What you should do →
Set down the entries again word for word, without any of the images.

***** Data listing

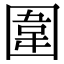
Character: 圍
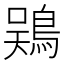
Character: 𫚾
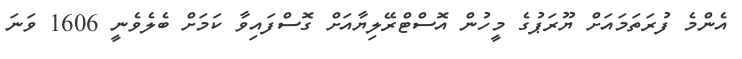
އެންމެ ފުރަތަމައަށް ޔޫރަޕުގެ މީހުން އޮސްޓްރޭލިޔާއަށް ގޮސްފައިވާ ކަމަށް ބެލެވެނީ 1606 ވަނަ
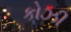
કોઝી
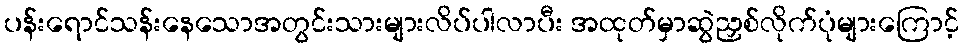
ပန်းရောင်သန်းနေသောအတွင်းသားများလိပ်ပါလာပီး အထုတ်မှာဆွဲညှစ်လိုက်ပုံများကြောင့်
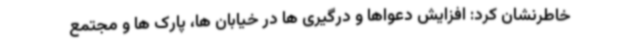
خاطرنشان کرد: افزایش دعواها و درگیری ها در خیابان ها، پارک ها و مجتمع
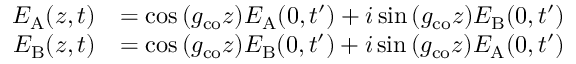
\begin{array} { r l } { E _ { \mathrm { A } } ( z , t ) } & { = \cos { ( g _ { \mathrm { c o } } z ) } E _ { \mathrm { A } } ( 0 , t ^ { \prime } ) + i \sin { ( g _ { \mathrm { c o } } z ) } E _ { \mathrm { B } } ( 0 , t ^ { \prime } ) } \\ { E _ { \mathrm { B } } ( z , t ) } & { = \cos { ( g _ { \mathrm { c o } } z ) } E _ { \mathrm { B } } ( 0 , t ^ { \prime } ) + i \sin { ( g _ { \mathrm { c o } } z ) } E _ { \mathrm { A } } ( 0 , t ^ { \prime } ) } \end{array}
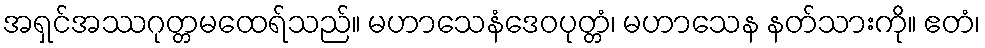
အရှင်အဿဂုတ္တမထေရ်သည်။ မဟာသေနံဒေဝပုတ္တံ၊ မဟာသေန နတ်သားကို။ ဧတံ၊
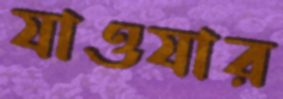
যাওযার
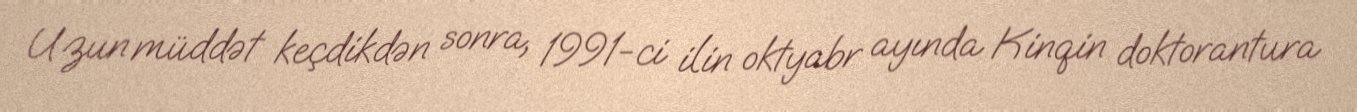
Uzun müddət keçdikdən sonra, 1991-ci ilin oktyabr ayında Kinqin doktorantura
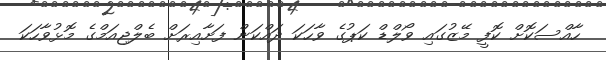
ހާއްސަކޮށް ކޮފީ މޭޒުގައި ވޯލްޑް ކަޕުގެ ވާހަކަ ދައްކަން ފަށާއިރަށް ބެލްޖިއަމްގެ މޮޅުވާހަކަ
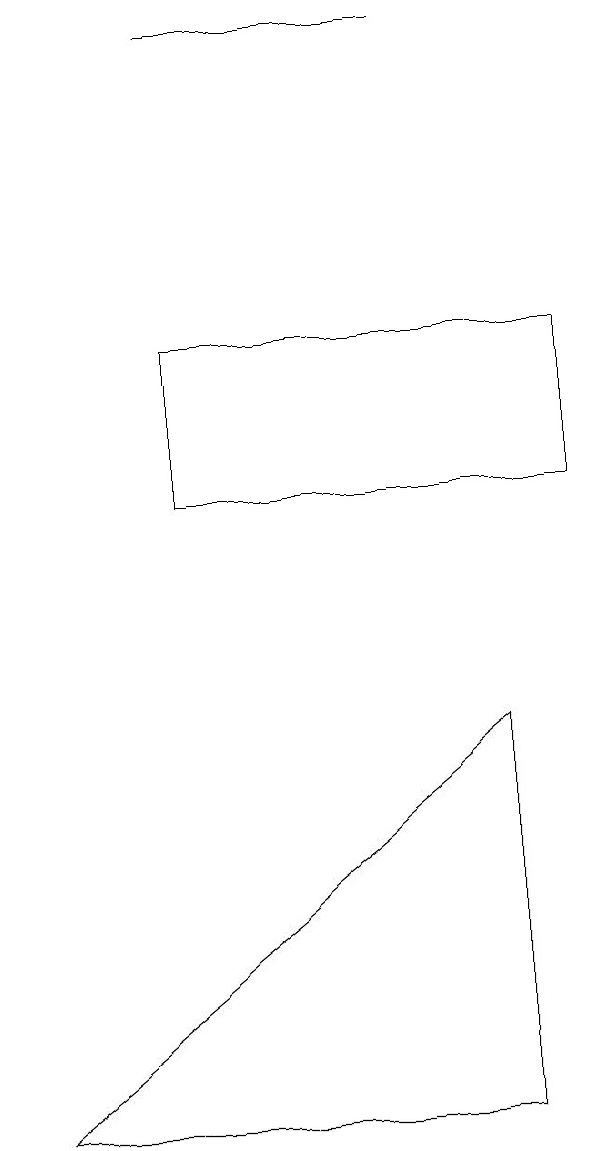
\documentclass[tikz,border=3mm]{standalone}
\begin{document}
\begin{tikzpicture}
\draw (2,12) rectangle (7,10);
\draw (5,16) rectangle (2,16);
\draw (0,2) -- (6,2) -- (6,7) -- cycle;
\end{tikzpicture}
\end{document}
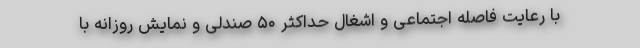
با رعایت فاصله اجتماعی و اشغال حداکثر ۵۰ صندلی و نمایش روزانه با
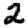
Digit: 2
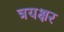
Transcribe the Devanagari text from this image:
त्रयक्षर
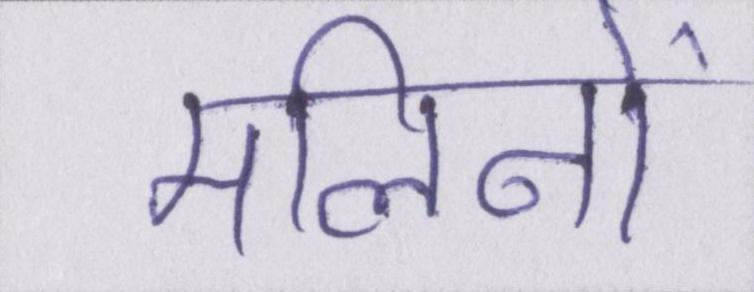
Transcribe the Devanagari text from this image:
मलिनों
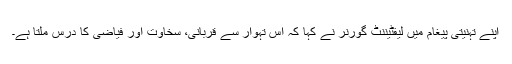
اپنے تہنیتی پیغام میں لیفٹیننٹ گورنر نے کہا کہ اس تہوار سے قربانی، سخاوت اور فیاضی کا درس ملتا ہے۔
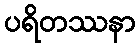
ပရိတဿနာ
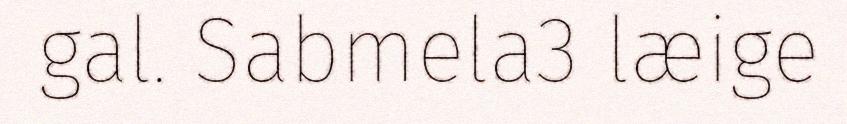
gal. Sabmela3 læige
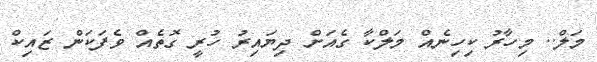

**********

Result of this task →
Character: 圍
Character: 𫚾
އެންމެ ފުރަތަމައަށް ޔޫރަޕުގެ މީހުން އޮސްޓްރޭލިޔާއަށް ގޮސްފައިވާ ކަމަށް ބެލެވެނީ 1606 ވަނަ
કોઝી
ပန်းရောင်သန်းနေသောအတွင်းသားများလိပ်ပါလာပီး အထုတ်မှာဆွဲညှစ်လိုက်ပုံများကြောင့်
خاطرنشان کرد: افزایش دعواها و درگیری ها در خیابان ها، پارک ها و مجتمع
\begin{array} { r l } { E _ { \mathrm { A } } ( z , t ) } & { = \cos { ( g _ { \mathrm { c o } } z ) } E _ { \mathrm { A } } ( 0 , t ^ { \prime } ) + i \sin { ( g _ { \mathrm { c o } } z ) } E _ { \mathrm { B } } ( 0 , t ^ { \prime } ) } \\ { E _ { \mathrm { B } } ( z , t ) } & { = \cos { ( g _ { \mathrm { c o } } z ) } E _ { \mathrm { B } } ( 0 , t ^ { \prime } ) + i \sin { ( g _ { \mathrm { c o } } z ) } E _ { \mathrm { A } } ( 0 , t ^ { \prime } ) } \end{array}
အရှင်အဿဂုတ္တမထေရ်သည်။ မဟာသေနံဒေဝပုတ္တံ၊ မဟာသေန နတ်သားကို။ ဧတံ၊
যাওযার
Uzun müddət keçdikdən sonra, 1991-ci ilin oktyabr ayında Kinqin doktorantura
ހާއްސަކޮށް ކޮފީ މޭޒުގައި ވޯލްޑް ކަޕުގެ ވާހަކަ ދައްކަން ފަށާއިރަށް ބެލްޖިއަމްގެ މޮޅުވާހަކަ
\documentclass[tikz,border=3mm]{standalone}
\begin{document}
\begin{tikzpicture}
\draw (2,12) rectangle (7,10);
\draw (5,16) rectangle (2,16);
\draw (0,2) -- (6,2) -- (6,7) -- cycle;
\end{tikzpicture}
\end{document}
با رعایت فاصله اجتماعی و اشغال حداکثر ۵۰ صندلی و نمایش روزانه با
Digit: 2
Transcribe the Devanagari text from this image:
त्रयक्षर
Transcribe the Devanagari text from this image:
मलिनों
اپنے تہنیتی پیغام میں لیفٹیننٹ گورنر نے کہا کہ اس تہوار سے قربانی، سخاوت اور فیاضی کا درس ملتا ہے۔
ပရိတဿနာ
gal. Sabmela3 læige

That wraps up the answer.